Flow cytometry analysis

Cells (2 × 105–5 × 105) were seeded into 60-mm dishes to quantify HER2 expression on the cell surface and to assess the cell cycle distribution. After 24 h, the cells were treated with T-DXd or trastuzumab for 72 h and were harvested. For quantification of HER2 expression, 3 × 105 cells were stained with APC-labeled anti-human CD340 (erbB2/HER-2) antibody (3:100, #324,408; BioLegend, Inc., San Diego, CA, USA) and APC-labeled anti-mouse IgG1, κ Isotype Ctrl antibody (3:100, #400,122; BioLegend, Inc.) at 4 °C for 15 min in the dark. After washing twice with FACS buffer, the cells were resuspended in 200 μL of FACS buffer. Three breast cancer cell lines—SK-BR-3 (3 +), ZR-75–1 (2 +), and MCF7 (1 +)—were used as controls of HER2 expression, representing different HER2 levels (indicated in parentheses). To assess the cell cycle distribution, the cells were fixed for at least 24 h in 75% cold ethanol as described previously and then stained with propidium iodide/RNase Staining Buffer (BD Biosciences Inc., Franklin Lakes, NJ, USA) for 15 min in the dark26. Data were analyzed using BD LSRII (BD Biosciences Inc.) and FlowJo software (Tristar Inc., CA, USA).

Immunoblotting analysis

Total protein was extracted from the cell lines following the standard protocol, and 20–40 μg of protein was used for immunoblotting27. The blots were cut prior to hybridization with antibodies during blotting.
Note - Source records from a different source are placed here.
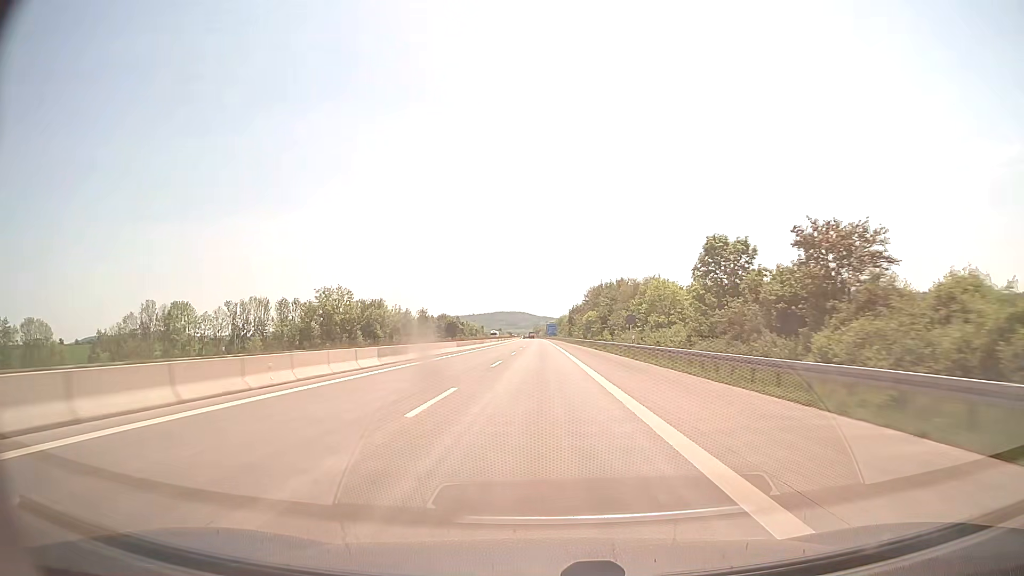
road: motorway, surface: concrete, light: Day
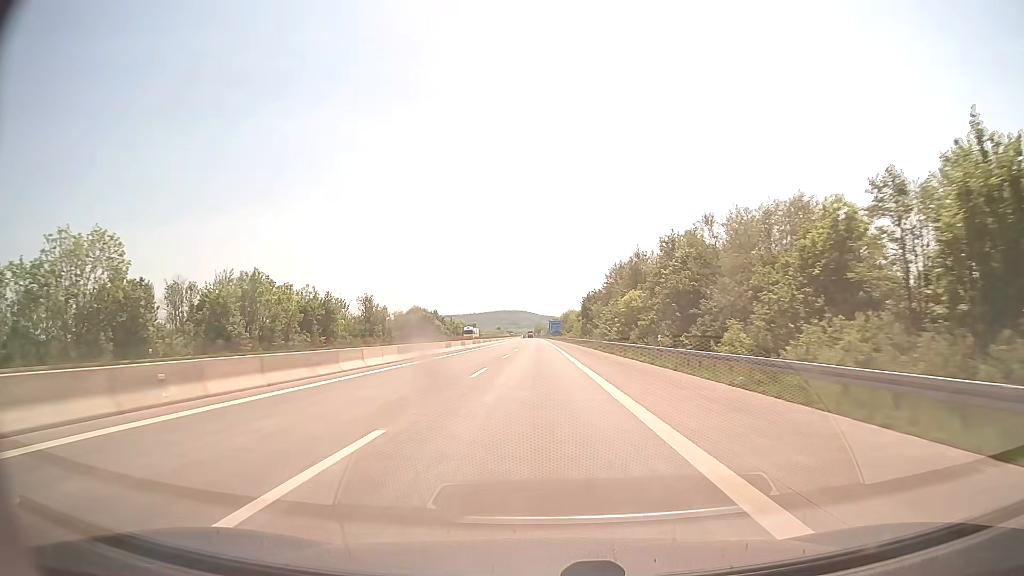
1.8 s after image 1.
(-0.2, +61.8) m; 0°
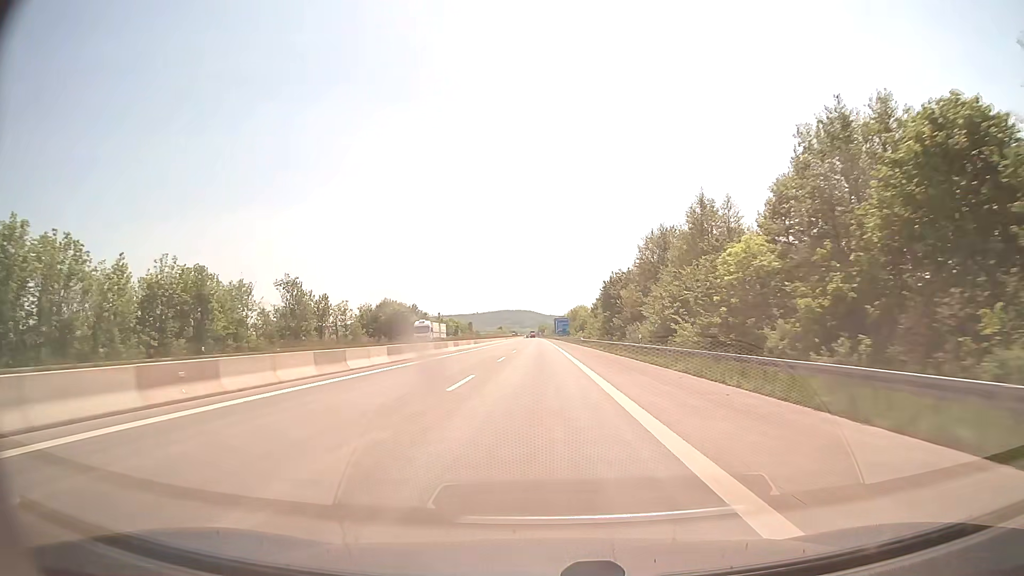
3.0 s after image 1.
(-0.1, +41.2) m; 0°
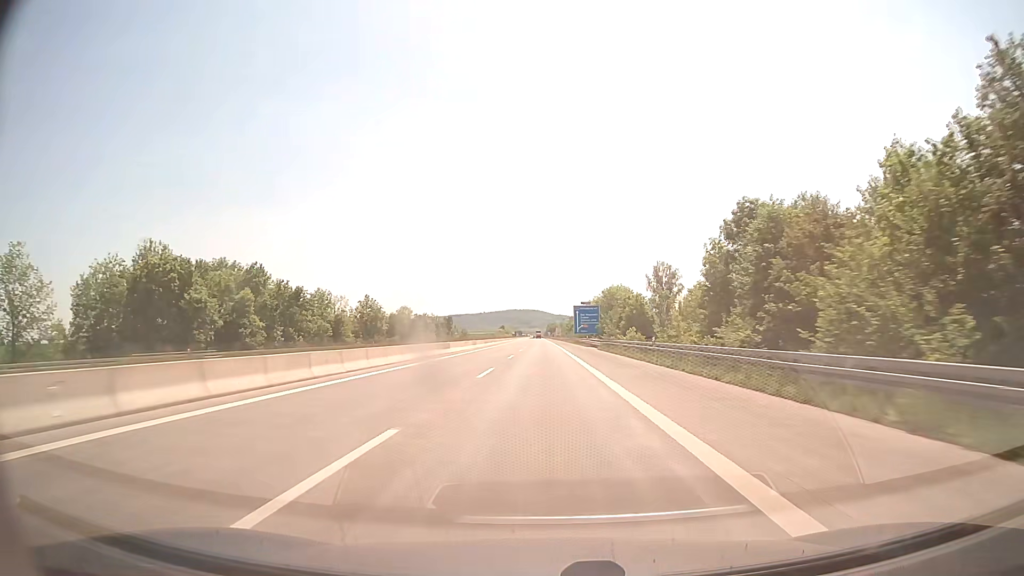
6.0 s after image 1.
(-0.8, +103.0) m; -1°
(0, +10) (0, +20) (0, +30) (0, +40) (0, +50) (0, +60) (0, +70) (0, +80) (0, +90) (0, +100) m

The primary antibodies purchased from Cell Signaling Technology, Inc. (Danvers, MA, USA) were as follows: pHER2-Tyr1221/1222 (#2249), pEGFR-Tyr1173 (#4407), EGFR (#2232), pHER3-Tyr1289 (#4791), pMET-Tyr1234/1235 (#3077), pIGF1R-Tyr1135/1136 (#3024), IGF1R (#9750), ERK (#4695), pAKT-Ser473 (#4060), pAKT-Thr308 (#4056), AKT (#9272), pH2A.X-Ser139 (#9718), cleaved PARP (#9541), and PCNA (#2586). Other primary antibodies [HER3 (sc-285), MET (sc-514148), pERK-Tyr204 (sc-7383), and PTEN (sc-6818)] were purchased from Santa Cruz Biotechnology, Inc. Anti-HER2 (ab16901) and anti-α-tubulin (T6199) antibodies were purchased from Abcam Inc. and Sigma-Aldrich, Inc., respectively. After incubation with peroxidase-conjugated secondary antibodies for 1 h at 20 °C, the protein blots were developed using an enhanced chemiluminescent reagent (Amersham Inc., Amersham, UK). Total protein visualized on the ChemiDoc™ XRS + System (Bio-Rad) and analysed on Image Lab software (Image Lab 6.0, Bio-Rad).

Statistical analysis

The results are presented graphically as the mean ± standard deviation of the mean. GraphPad Prism software was used for the statistical analyses. Two-way ANOVA was used for statistical analysis followed by Bonferroni’s post-hoc test. All data were analyzed using the Student’s t-test, with p-values < 0.05 (*p < 0.05, **p < 0.01, ***p < 0.001) indicating statistical significance, whereas NS indicated not statistically significant.

Results

Establishment of TR GC cell lines

We previously screened the genomic patterns of several RTKs (EGFR, HER2, MET, FGFR2, and IGF1R) in a panel of 49 GC cell lines, and HER2 amplification was observed in six cell lines21. To clearly identify the HER2 status in these cell lines, we confirmed HER2 amplification at the DNA level and overexpression at the RNA and protein levels using the SICR database (Table 1 and Supplementary Fig. S1).

Table 1.

Integrative profiling of HER2 status of GC cell lines by targeted DNA sequencing, RNA sequencing, silver in situ hybridization, immunohistochemistry, and flow cytometry.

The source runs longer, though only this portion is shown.